Wedding planning together, with or without a wedding planner, is a challenge. I think of it as a little pre-marital joke God is making. As in, get over yourselves -- it's a ceremony and party and certainly nothing worth screaming and yelling at each other about. Once you're married, you will face much bigger and more important decisions than where to get married or which bar level to serve at your reception. And if you think dealing with your fiancé's family pre-wedding is a bear, you better step back and think about dealing with them much more frequently for the rest of your life. Because after the wedding and reception and honeymoon glitter all finally rub off, you are stuck with the person you married, and his or her various and sundry family and friends, for the rest of your married life. Let the compromising begin!
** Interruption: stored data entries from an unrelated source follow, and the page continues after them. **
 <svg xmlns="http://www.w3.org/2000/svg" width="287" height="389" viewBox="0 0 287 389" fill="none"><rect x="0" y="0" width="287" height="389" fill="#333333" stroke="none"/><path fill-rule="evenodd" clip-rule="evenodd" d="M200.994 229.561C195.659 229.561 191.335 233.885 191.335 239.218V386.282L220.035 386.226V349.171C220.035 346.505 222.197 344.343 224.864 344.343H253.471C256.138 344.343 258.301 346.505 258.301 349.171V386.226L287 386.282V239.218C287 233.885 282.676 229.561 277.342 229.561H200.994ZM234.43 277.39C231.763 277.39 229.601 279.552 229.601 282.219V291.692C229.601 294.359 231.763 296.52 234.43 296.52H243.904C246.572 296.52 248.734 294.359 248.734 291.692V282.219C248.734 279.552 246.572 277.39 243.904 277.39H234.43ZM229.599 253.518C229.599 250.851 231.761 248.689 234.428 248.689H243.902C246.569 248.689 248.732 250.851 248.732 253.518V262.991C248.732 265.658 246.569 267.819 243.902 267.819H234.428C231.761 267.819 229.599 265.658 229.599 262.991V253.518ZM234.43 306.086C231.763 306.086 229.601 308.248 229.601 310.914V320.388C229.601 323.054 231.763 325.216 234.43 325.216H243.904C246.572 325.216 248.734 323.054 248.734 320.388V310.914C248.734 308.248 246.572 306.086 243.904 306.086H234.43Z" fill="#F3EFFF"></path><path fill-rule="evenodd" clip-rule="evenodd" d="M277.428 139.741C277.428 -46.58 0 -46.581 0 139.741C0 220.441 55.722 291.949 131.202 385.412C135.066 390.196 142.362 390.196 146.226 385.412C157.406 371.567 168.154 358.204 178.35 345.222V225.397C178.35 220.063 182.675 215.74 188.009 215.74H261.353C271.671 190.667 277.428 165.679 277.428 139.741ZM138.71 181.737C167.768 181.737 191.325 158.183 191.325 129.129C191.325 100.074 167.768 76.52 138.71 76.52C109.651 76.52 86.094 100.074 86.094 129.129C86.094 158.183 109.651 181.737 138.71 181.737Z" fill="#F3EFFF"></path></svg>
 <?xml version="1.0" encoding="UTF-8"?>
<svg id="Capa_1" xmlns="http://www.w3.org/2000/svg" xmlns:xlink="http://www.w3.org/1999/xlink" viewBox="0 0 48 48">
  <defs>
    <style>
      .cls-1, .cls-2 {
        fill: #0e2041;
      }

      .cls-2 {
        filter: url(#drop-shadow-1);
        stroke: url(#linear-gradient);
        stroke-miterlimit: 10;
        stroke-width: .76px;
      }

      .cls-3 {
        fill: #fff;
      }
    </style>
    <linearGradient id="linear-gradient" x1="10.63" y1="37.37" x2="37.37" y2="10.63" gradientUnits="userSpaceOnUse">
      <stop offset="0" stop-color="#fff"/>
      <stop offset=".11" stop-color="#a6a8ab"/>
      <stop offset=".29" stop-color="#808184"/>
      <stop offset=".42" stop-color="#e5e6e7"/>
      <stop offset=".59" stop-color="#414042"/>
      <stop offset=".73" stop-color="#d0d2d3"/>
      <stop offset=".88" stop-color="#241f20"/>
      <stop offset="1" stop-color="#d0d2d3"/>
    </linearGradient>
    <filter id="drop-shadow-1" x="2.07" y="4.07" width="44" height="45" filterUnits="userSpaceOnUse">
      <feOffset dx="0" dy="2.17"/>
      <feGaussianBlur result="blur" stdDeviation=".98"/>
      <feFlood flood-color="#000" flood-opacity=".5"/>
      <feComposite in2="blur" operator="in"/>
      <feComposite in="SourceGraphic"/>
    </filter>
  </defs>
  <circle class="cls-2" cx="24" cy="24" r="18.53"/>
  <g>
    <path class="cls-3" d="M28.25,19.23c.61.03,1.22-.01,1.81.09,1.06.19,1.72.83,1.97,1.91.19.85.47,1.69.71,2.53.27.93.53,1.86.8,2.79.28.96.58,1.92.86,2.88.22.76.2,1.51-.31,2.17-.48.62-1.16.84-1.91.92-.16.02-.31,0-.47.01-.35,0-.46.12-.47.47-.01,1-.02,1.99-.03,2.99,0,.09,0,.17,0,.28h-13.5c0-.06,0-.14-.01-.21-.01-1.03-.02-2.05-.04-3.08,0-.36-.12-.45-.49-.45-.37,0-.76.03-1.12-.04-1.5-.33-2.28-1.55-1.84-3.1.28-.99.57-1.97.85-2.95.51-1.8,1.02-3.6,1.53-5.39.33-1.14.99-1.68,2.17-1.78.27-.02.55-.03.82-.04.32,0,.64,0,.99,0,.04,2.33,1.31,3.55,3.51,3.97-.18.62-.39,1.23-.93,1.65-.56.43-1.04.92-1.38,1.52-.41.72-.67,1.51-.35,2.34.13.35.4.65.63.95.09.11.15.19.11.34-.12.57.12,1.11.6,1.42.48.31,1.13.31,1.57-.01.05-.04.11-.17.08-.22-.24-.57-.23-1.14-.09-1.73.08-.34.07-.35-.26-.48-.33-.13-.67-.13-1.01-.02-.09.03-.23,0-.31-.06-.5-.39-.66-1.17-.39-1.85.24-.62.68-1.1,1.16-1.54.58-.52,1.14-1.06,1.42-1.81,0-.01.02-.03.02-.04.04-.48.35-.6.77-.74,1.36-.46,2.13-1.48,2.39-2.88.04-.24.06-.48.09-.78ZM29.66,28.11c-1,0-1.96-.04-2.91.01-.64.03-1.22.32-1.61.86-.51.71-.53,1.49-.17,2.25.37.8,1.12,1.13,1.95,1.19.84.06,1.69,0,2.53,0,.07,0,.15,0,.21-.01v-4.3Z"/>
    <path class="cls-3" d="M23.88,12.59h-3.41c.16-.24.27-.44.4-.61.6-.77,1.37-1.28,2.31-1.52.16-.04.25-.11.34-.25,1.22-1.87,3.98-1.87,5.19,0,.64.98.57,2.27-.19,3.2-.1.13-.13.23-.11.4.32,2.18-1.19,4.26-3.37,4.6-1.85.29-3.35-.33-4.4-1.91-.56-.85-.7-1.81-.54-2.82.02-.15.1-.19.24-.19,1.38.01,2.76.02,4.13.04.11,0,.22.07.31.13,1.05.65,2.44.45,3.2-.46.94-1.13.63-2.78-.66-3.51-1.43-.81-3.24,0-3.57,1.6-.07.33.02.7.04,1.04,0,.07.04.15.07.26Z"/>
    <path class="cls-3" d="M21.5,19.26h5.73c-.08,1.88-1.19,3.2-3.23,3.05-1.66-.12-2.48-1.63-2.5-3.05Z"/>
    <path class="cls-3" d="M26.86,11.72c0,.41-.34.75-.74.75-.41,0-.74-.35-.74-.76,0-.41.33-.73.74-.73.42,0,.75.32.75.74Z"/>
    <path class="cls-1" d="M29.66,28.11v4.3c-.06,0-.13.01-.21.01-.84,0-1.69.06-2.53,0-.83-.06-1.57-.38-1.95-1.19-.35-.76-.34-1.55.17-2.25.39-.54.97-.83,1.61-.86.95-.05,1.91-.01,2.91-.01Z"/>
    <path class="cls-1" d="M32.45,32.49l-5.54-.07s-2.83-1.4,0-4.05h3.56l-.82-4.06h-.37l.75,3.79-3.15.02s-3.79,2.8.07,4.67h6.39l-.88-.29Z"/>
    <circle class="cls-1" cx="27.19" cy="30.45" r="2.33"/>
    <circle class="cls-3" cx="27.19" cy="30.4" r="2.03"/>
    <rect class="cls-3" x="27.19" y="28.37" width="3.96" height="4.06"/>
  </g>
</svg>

Of course, you'll be in total agreement from the beginning on many aspects of your wedding planning, but there are a number of decisions that have to be made that could become sticking points. Most of them you should try to have fun with -- going out and tasting cake together and arguing over what flavor the third tier should be after you've both chosen one for your favorite flavor, for example, is a fun compromise that can be achieved any number of ways. The bride not wanting to do any special dances beyond the first dance because her father will not be at the wedding at the same time the mother of the groom is insisting on a mother/son dance isn't fun and can't be an easy compromise (by the way, no question on that one -- MoG can do without her special moment so that the bride doesn't feel uncomfortable).

It's the moments like those that will determine how well your married life will go, assuming you make it through to the big day. Sometimes a bride or groom has to stand up to their parents or close friends during the course of wedding planning, to support their fiancé's preferences on some matter, or to protect their dignity in another (see example in prior paragraph). If your future spouse can't stand up to his or her family for you before you're married, they aren't going to change after you exchange rings.

More than one spouse has given up his or her job to move to a new city to support their other half's career move. Parents give up entire lives to move to better school districts for their children. Life will throw you curve balls, and you and your spouse will have to take them, find solutions and, frequently, compromise on how to handle things. All of those real-life issues are far bigger and badder than anything you'll encounter planning what, if you really want to break it down, amounts to the most expensive one-day party ever thrown in your honor. I may be a wedding planner, but I'm also a realist.

Don't misunderstand me -- I'm not saying marriage isn't important. Or that the ceremony isn't a big deal. After all, that's what the whole day is supposed to be about, right? But I don't usually deal with couples who are fighting over religion or vows or important things. My clients who have disagreements prefer to have battles royale over matters mostly related to the reception, the wedding party and their families. You know, the stuff that isn't supposed to be as important as the actual wedding ceremony.

Which brings me back to my initial statement: marriage is all about the art of compromise. First, you get through the wedding planning, and then you tackle the other things one at a time. Trust me, you get better at it as you go along. The longer you are together, the easier it is. In a good marriage, both partners share EVERYTHING with each other, so when there are differences of opinion, you both understand where the other one is coming from even if you don't agree. What's important is that there is balance in the relationship - that one partner isn't always the one to give something up to make the compromise. It's about meeting halfway, or taking turns winning so nobody feels like the subservient one in the relationship.